Despite its limitations, estimates are robust and directly convertible into monetary impacts, providing a baseline for policy design. In the context of data-driven policy making, this provides a tool for European Policy funding negotiation, in a sector which is considered strategic because of its positive impacts on the environment, the generation of employment and maintenance of rural populations in marginal areas and for the production of high-quality food minimizing the use of natural resources.

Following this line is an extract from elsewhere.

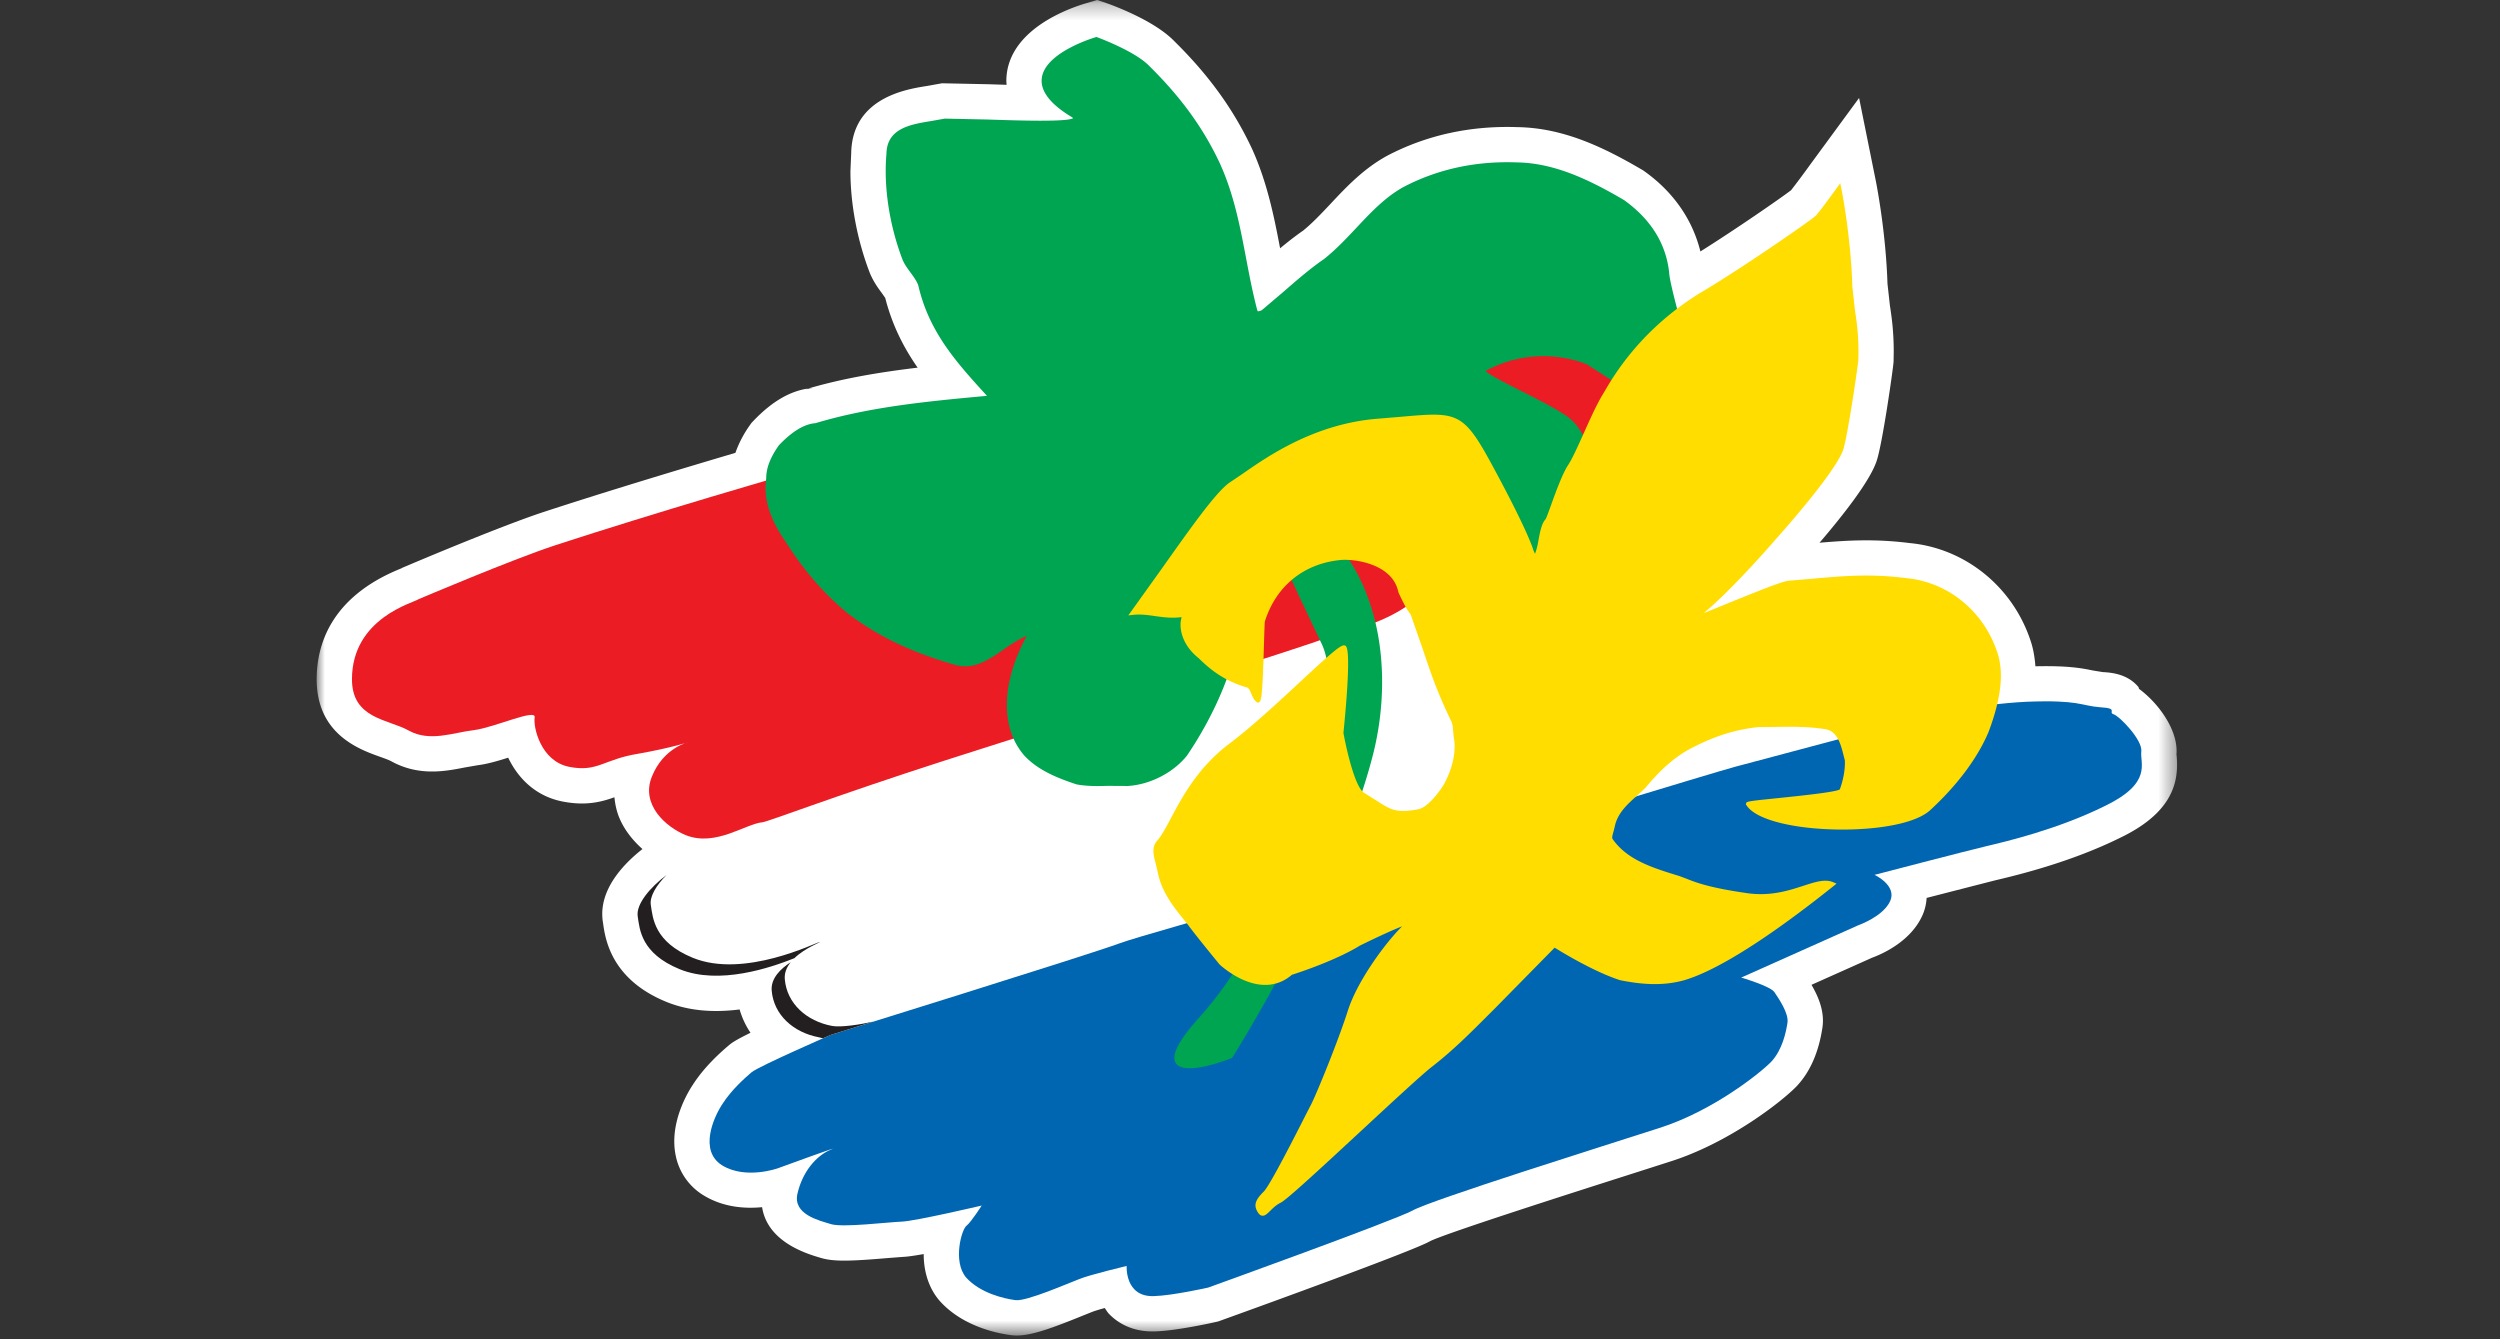 <?xml version="1.0" encoding="utf-8"?>
<svg id="master-artboard" viewBox="0 0 1400 750" version="1.1" xmlns="http://www.w3.org/2000/svg" x="0px" y="0px" style="enable-background:new 0 0 1400 980;" width="1400px" height="750px" xmlns:xlink="http://www.w3.org/1999/xlink"><rect x="0" y="0" width="1400" height="750" fill="#333333" stroke="none"/><rect id="ee-background" x="0" y="0" width="1400" height="750" style="fill: white; fill-opacity: 0; pointer-events: none;"/><defs><path id="a" d="M0 .267h111.628v80.134H0z"/><path id="c" d="M0 105.733h111.628V1H0z"/></defs><g transform="matrix(9.333, 0, 0, 9.333, 177.333, -5.684341886080802e-14)"><g transform="translate(0 -1)" fill="none" fill-rule="evenodd"><g transform="translate(0 .733)"><mask id="b" fill="#fff"><use xlink:href="#a"/></mask><path d="M46.15.467c-1.025.303-4.392 1.5-4.74 4.214a3.4 3.4 0 00-.027.439c0 .076.01.157.014.236l-1.106-.035-2.765-.057-.998.176c-1.187.192-4.39.716-4.454 4.006l-.047 1.086c0 1.955.399 4.09 1.125 6.012.214.573.54 1.014.779 1.335l.185.267c.418 1.641 1.114 2.991 1.944 4.181-2.244.27-4.51.635-6.743 1.306l.45-.085c-1.218.092-2.386.74-3.57 1.982l-.11.114-.09.13a6.68 6.68 0 00-.872 1.665c-4.615 1.367-8.413 2.535-11.495 3.544-2.717.894-8.126 3.197-8.355 3.294l-.148.063-.04.027-.081.033C.869 36.085 0 38.935 0 41.028c0 3.287 2.553 4.201 3.78 4.64.277.098.564.201.71.284 1.654.905 3.242.592 4.4.364l.786-.136c.568-.07 1.194-.255 1.816-.451.574 1.202 1.624 2.313 3.27 2.632 1.409.275 2.349.015 3.104-.257.043.423.129.844.303 1.255.29.687.777 1.317 1.38 1.853-.998.781-2.413 2.187-2.413 3.893 0 .153.01.309.035.467l.017.117c.13.91.474 3.332 3.787 4.689 1.275.522 2.75.669 4.402.458.146.499.364.97.654 1.398-.912.45-1.117.605-1.257.718l-.046.038c-.608.518-1.492 1.329-2.16 2.369-.276.415-1.11 1.807-1.11 3.393 0 .286.027.578.09.873a3.616 3.616 0 001.645 2.352c1.204.743 2.52.82 3.534.723.166 1.069.948 2.288 3.369 2.997l.154.046c.779.238 1.829.196 4.04.008l.89-.068c.268-.01.718-.076 1.243-.17 0 1.087.32 2.053.929 2.774l.044.05c1.37 1.521 3.436 1.933 4.26 2.041.92.127 2.09-.263 4.363-1.19l.556-.222a9.83 9.83 0 01.712-.214c.087.118.15.241.258.354.49.505 1.367 1.096 2.76 1.047 1.27-.033 3.415-.511 3.654-.565l.129-.029.122-.044c2.649-.954 11.38-4.119 12.547-4.746l.044-.025c.968-.488 8.716-2.96 12.023-4.016l2.38-.762c3.486-1.097 6.687-3.574 7.61-4.534l.033-.037c.773-.842 1.275-1.998 1.497-3.436a2.92 2.92 0 00.035-.454c0-.755-.294-1.47-.686-2.147 1.812-.809 3.58-1.6 3.63-1.623.65-.239 2.32-.987 3.019-2.53.164-.361.237-.716.259-1.061 1.933-.497 4.066-1.043 4.066-1.043l.066-.016c1.225-.291 4.483-1.063 7.515-2.566 2.835-1.372 3.38-2.997 3.38-4.369 0-.187-.01-.366-.025-.542l-.01-.125-.01.158c.013-.101.018-.204.018-.308 0-1.423-1.177-2.941-2.256-3.734l-.03-.105c-.684-.824-1.706-.877-2.197-.903l.054.003-.602-.098c-.78-.165-1.63-.29-3.442-.25-.042-.547-.128-1.07-.298-1.558-1.073-3.221-3.915-5.52-7.234-5.835-2.08-.261-3.69-.168-5.421-.021 1.488-1.74 3.017-3.707 3.418-4.882.349-.99.99-5.513 1.02-5.934l.005-.063.009-.581c0-1.247-.125-2.094-.23-2.778a464.91 464.91 0 00-.144-1.298c-.098-3-.6-5.662-.7-6.171l-1.004-4.98-2.996 4.083a51.484 51.484 0 01-1.082 1.45c-.596.46-3.356 2.369-5.444 3.677-.467-1.883-1.584-3.538-3.352-4.806l-.08-.057-.083-.048c-2.224-1.301-4.67-2.51-7.475-2.549-2.811-.095-5.428.477-7.78 1.704-1.428.772-2.485 1.898-3.417 2.892-.587.623-1.13 1.2-1.705 1.656l.11-.082c-.508.35-.981.722-1.437 1.1-.353-1.853-.764-3.931-1.678-5.954-1.111-2.376-2.593-4.426-4.67-6.474C50.453 1.701 48.6.905 47.586.524L47.463.48l-.634-.213-.68.2z" fill="#FFF" mask="url(#b)"/></g><path d="M20.056 55.29c-.12-.756.876-1.845 1.902-2.568 1.057-.725 2.748-1.48 3.776-1.842 1.026-.333 1.75-.575 2.324-.756 3.323-1.147 10.813-3.774 11.114-3.894.332-.153 17.334-5.708 18.785-6.013 1.417-.3 7.518-3.017 8.155-3.562.42-.362 12.772-1.782 14.374-.996 1.568.785-.514 6.162 2.356 5.375 2.835-.783 11.685-2.173 13.254.363 1.571 2.538.304 3.807-.813 4.288-1.089.455-21.653 5.587-21.653 5.587s-29.294 7.912-30.41 8.092c-.877.154-6.916 2.026-9.213 2.778-.632.213.091-.028-1.116.334-1.54.451-1.269.211-1.964.09-1.539-.3-2.718-1.36-2.839-2.806-.12-1.42 2.266-2.236 2.085-2.236-.182 0-4.499 2.206-7.61.937-2.326-.937-2.387-2.387-2.507-3.172" fill="#FFF"/><path d="M30.844 63.097s15.644-4.86 17.335-5.496c1.69-.634 20.05-5.68 21.32-5.95 1.238-.272 14.164-4.258 15.64-4.651 1.48-.392 11.238-2.99 11.238-2.99s3.11-.752 6.25-.904c3.14-.121 3.23.242 4.379.33 1.148.063.453.304.817.425.33.09 1.75 1.54 1.66 2.235-.092.695.693 1.872-2.175 3.26-2.868 1.42-5.98 2.145-7.127 2.417-1.146.27-6.705 1.72-6.705 1.72s1.36.635.939 1.572c-.424.935-1.904 1.448-1.904 1.448l-7.036 3.144s1.752.51 1.992.873c.243.364.876 1.27.784 1.84-.09.577-.302 1.605-.965 2.328-.666.695-3.563 2.99-6.734 3.988-3.17 1.025-13.682 4.316-14.798 4.95-1.12.604-12.261 4.622-12.261 4.622s-2.143.483-3.262.512c-1.75.06-1.63-1.811-1.63-1.811s-2.264.544-2.84.787c-.573.21-3.17 1.358-3.833 1.265-.696-.09-2.115-.421-2.96-1.358-.816-.966-.27-2.898.03-3.111.272-.213.905-1.206.905-1.206s-3.985.935-4.801.965c-.785.028-3.533.364-4.23.153-.692-.214-2.322-.575-2.021-1.842.302-1.302 1.117-2.265 1.993-2.627.876-.366-3.171 1.114-3.171 1.114s-1.933.696-3.351-.18c-1.39-.877-.514-2.871.03-3.684.542-.846 1.328-1.541 1.75-1.902.453-.364 4.742-2.236 4.742-2.236" fill="#0066B2"/><path d="M6.105 36.957s5.525-2.354 8.183-3.23c6.099-1.994 13.62-4.168 16.097-4.893 2.354-.724 9.633-2.93 15.793-4.802 4.894-1.479 9.12-2.748 9.574-2.868 1.056-.24 22.195-6.886 22.892-6.07.693.784 2.869 2.747 2.748 5.588-.121 2.868-5.375 9.843-6.281 10.325-.938.455-16.58 3.536-16.58 3.536s8.093-3.202 8.454.12c.335 3.321-6.282 4.5-6.613 4.68-.331.212-13.136 4.228-22.74 7.308-6.372 2.052-10.48 3.623-10.871 3.685-1.026.09-2.81 1.48-4.592.784-1.206-.482-2.745-1.84-2.052-3.53.695-1.725 2.175-2.056 2.175-2.056s-.968.331-3.02.696c-2.054.331-2.417 1.115-4.108.784-1.721-.33-2.176-2.386-2.084-2.96.119-.573-2.415.604-3.655.757-1.268.151-2.627.723-3.895.028-1.237-.695-3.412-.695-3.412-3.079 0-3.686 3.716-4.593 3.987-4.803" fill="#EC1C24"/><path d="M81.84 20.417l-.227-.946c-.2-.775-.444-1.738-.464-2.149-.196-1.719-1.104-3.172-2.705-4.318-1.98-1.158-4.123-2.23-6.441-2.26-2.456-.09-4.731.403-6.765 1.464-1.1.595-1.992 1.545-2.856 2.466-.606.643-1.231 1.31-1.934 1.866-.85.585-1.637 1.273-2.4 1.935l-1.346 1.144c-.03.01-.184.076-.231.055l-.031-.055c-.274-1.034-.477-2.097-.673-3.127-.356-1.874-.723-3.812-1.566-5.675-.995-2.13-2.346-3.992-4.252-5.867-.855-.882-3.033-1.683-3.124-1.718l-.038-.013-.037.011c-.126.037-3.043.91-3.24 2.453-.1.78.513 1.574 1.823 2.357a.467.467 0 00.057.05c-.361.24-3.354.14-5.17.08l-2.531-.053-.791.141c-1.257.205-2.684.433-2.71 1.971-.03.337-.044.682-.044 1.037 0 1.696.347 3.562.989 5.261.112.3.31.57.5.827.188.258.368.5.466.771.644 2.814 2.317 4.648 4.09 6.593 0 0 .02.024.03.033l-.213.02c-3.342.312-6.801.637-10.08 1.622-.663.048-1.391.485-2.196 1.331-.522.744-.757 1.368-.757 1.988-.027.18-.04.362-.04.546 0 1.036.4 2.101 1.238 3.296 1.103 1.735 2.328 3.137 3.739 4.284 1.79 1.348 3.748 2.287 6.352 3.042 1.15.355 2.089-.304 3-.942.433-.304.886-.59 1.352-.79-.676 1.215-1.2 2.711-1.2 4.16 0 1.098.296 2.161 1.05 3.031.848.913 2.062 1.37 3.134 1.727.635.117 1.239.105 1.876.088l1.203.007c1.339-.084 2.726-.8 3.546-1.826 2.38-3.527 3.579-7.284 3.579-11.194 0-.45-.017-.906-.05-1.36l.134-.298.09-.19c.15.137 1.087.98 1.087.98 1.164.912 1.219 1.031 1.875 2.482l1.326 2.795c.335.655.49 1.607.49 2.763 0 5.245-3.23 14.68-7.78 19.72-1.011 1.121-1.51 1.926-1.51 2.436 0 .132.033.243.097.336.532.766 3.046-.2 3.33-.314l.036-.013.02-.034c.064-.102 6.407-10.167 8.44-18.185.335-1.319.542-2.806.542-4.339 0-3.146-.866-6.484-3.26-8.942l-.493-.41a3.95 3.95 0 00-.68-.543c.057-.112.16-.33.215-.447 1.186.311 2.279.794 3.334 1.266 1.27.568 2.468 1.104 3.828 1.362.479.12.819.316 1.147.508.497.29.965.56 1.84.523l1.352-.144c.609-.09 1.01-.15 1.43.042.152.07.359.033.628-.114 1.167-.635 3.292-3.24 3.468-4.479.008-.07.008-.152.008-.24 0-1.055-.4-3.3-1.591-4.22-.597-.468-1.83-1.092-2.917-1.64-.865-.436-1.913-.969-2.105-1.183 3.194-1.735 6.073-.399 6.103-.386 2.994 1.93 3.968 2.555 4.312 2.728.016.011.006.036.023.044 0 0 .014-.02.019-.024.132.063.158.047.18.016l.069-.106-.137-.09c-.11-.07.112-.534.304-.943.455-.958 1.14-2.402.835-4.08m-6.687 5.662z" fill="#00A551"/><path d="M100.832 40.119c-.82-2.458-2.957-4.195-5.448-4.428-2.147-.275-3.708-.138-5.686.038l-1.34.114c-.328 0-1.782.583-3.804 1.407-.478.196-.936.382-1.326.536 1.105-.91 2.863-2.742 4.352-4.465 1.72-1.927 3.676-4.343 4.01-5.322.25-.708.88-4.958.913-5.406.004-.17.007-.333.007-.487 0-1.11-.111-1.846-.212-2.508l-.154-1.4c-.093-3.112-.664-5.908-.67-5.938l-.054-.266-.161.22c-.011.015-1.027 1.419-1.29 1.713-.267.267-4.428 3.15-6.768 4.536-3.698 2.208-5.37 5.07-5.918 6.01l-.132.22c-.342.564-.737 1.438-1.116 2.283-.356.79-.69 1.538-.936 1.913-.345.51-.756 1.646-1.055 2.478-.133.366-.26.714-.307.786-.243.259-.34.792-.434 1.305a3.955 3.955 0 01-.198.769 1.731 1.731 0 01-.116-.266c-.01-.04-.327-1.106-2.333-4.822-1.856-3.46-2.14-3.437-5.61-3.13l-1.302.108c-3.832.28-6.672 2.257-8.197 3.319l-.702.474c-.79.485-2.335 2.665-4.121 5.189l-2.022 2.824.27-.028c.473-.055.914.01 1.385.078.49.07 1 .13 1.54.054-.03.146-.063.293-.063.44 0 .737.384 1.468 1.094 2.029.887.886 1.743 1.41 2.85 1.742.138.006.22.19.295.374.085.197.172.402.336.515l.062.044.08-.038c.139-.077.199-.4.29-3.51.019-.618.037-1.26.054-1.338.668-2.113 2.317-3.458 4.515-3.681.815-.088 3.152.206 3.494 1.925.01.03.464 1.047.734 1.323.003.014.762 2.19.762 2.19.466 1.388.836 2.483 1.655 4.186.11.202.123.416.135.638l.036.357c.036.18.054.372.054.569 0 .69-.215 1.47-.616 2.222-.33.574-1.03 1.43-1.548 1.54-1.34.254-1.681.032-2.503-.504l-.763-.478c-.555-.325-1.083-2.71-1.242-3.6.186-1.82.447-4.961.14-5.21-.187-.165-.54.11-2.687 2.104-1.301 1.21-2.921 2.714-4.256 3.724-1.91 1.425-2.857 3.205-3.55 4.506-.301.565-.562 1.053-.816 1.337-.361.385-.223.903-.09 1.403l.12.51c.234 1.193.96 2.09 1.665 2.96l.142.177c.475.655 1.888 2.37 1.902 2.388.035.03 2.408 2.27 4.338.618 2.72-.88 4.014-1.708 4.065-1.744.968-.478 2.027-.967 2.549-1.163-.876.85-2.63 3.145-3.241 5.012-.61 1.916-1.873 4.978-2.197 5.63l-.333.647c-.637 1.257-2.131 4.2-2.517 4.61-.486.485-.676.82-.343 1.298.069.104.149.157.24.166.165.014.303-.123.476-.294.164-.163.369-.364.643-.495.39-.204 2.533-2.19 4.798-4.29 1.807-1.675 3.675-3.407 4.283-3.876 1.25-.975 2.196-1.922 3.393-3.121l.334-.332 3.616-3.677c.386.244 2.379 1.46 3.932 1.954 1.123.222 2.449.39 3.844 0 2.486-.734 6.256-3.488 8.98-5.667l.158-.127-.184-.08c-.504-.217-1.081-.027-1.815.212-.91.294-2.043.665-3.527.414-2.15-.315-2.924-.622-3.49-.847l-.388-.146-.233-.073c-1.448-.45-2.947-.92-3.811-2.174a.176.176 0 01-.012-.07c0-.1.042-.243.089-.401l.09-.377c.198-.746.767-1.253 1.315-1.742l.494-.458c1.016-1.234 1.973-2.03 3.015-2.513.868-.443 2.225-1 3.796-1.138l.947-.01c1.03-.013 2.002-.03 3.01.132.756.099.957.898 1.15 1.67l.052.204c.026.509-.083 1.153-.301 1.739-.187.163-2.417.393-3.746.53-1.852.19-1.853.198-1.882.325l-.01.048.035.05c.52.799 2.244 1.153 3.227 1.292 2.754.386 6.506.128 7.765-.965 1.65-1.514 2.87-3.146 3.536-4.724.765-2.031.933-3.597.514-4.8" fill="#FD0"/><path d="M30.174 57.525c-.178.006-4.51 2.215-7.608.944-2.323-.955-2.396-2.392-2.516-3.17-.08-.521.34-1.188.938-1.792-.97.727-1.837 1.745-1.724 2.477.118.776.19 2.216 2.514 3.169 2.382.974 5.492-.103 6.883-.658.658-.633 1.629-.974 1.513-.97m3.24 4.769c-.795.184-1.963.362-2.49.264-1.538-.29-2.711-1.348-2.835-2.804-.033-.389.12-.729.356-1.021-.582.378-1.205.954-1.142 1.706.122 1.454 1.297 2.513 2.835 2.801.097.019.175.039.24.059l.466-.202s1.023-.321 2.57-.803" fill="#231F20"/><mask id="d" fill="#fff"><use xlink:href="#c"/></mask></g></g></svg>

Regarding the latter, the results show that there is space to apply public policy to the better development of the sector. First, fiscal and financial costs of public interventions might not be considerable at the macro scale, but can make the difference at a micro scale, stabilizing profits to ensure the financial sustainability of the activity. Second, different impacts in ownership and renting schemes opens up a new research field regarding land tenure relation to financial fragility. Third, the importance of feed supplementation in cost structure and the fact that price is highly correlated with international commodities prices drives a discussion on how to hedge not only quantities but also price risk fluctuations.

As for future lines of research, besides a deeper specification of the model such as the treatment of non-extreme cases, the following are derived from this study: estimating future economic impacts by means of different climate forecast scenarios, assessing how a decrease in profits affects social the vulnerability of local producers, evaluate cost-benefit of adaptation strategies of remote sensing technology for optimal use of natural pastures, developing hedging tools that are accessible to farmers and valuation of environmental assets such as natural pastures and water.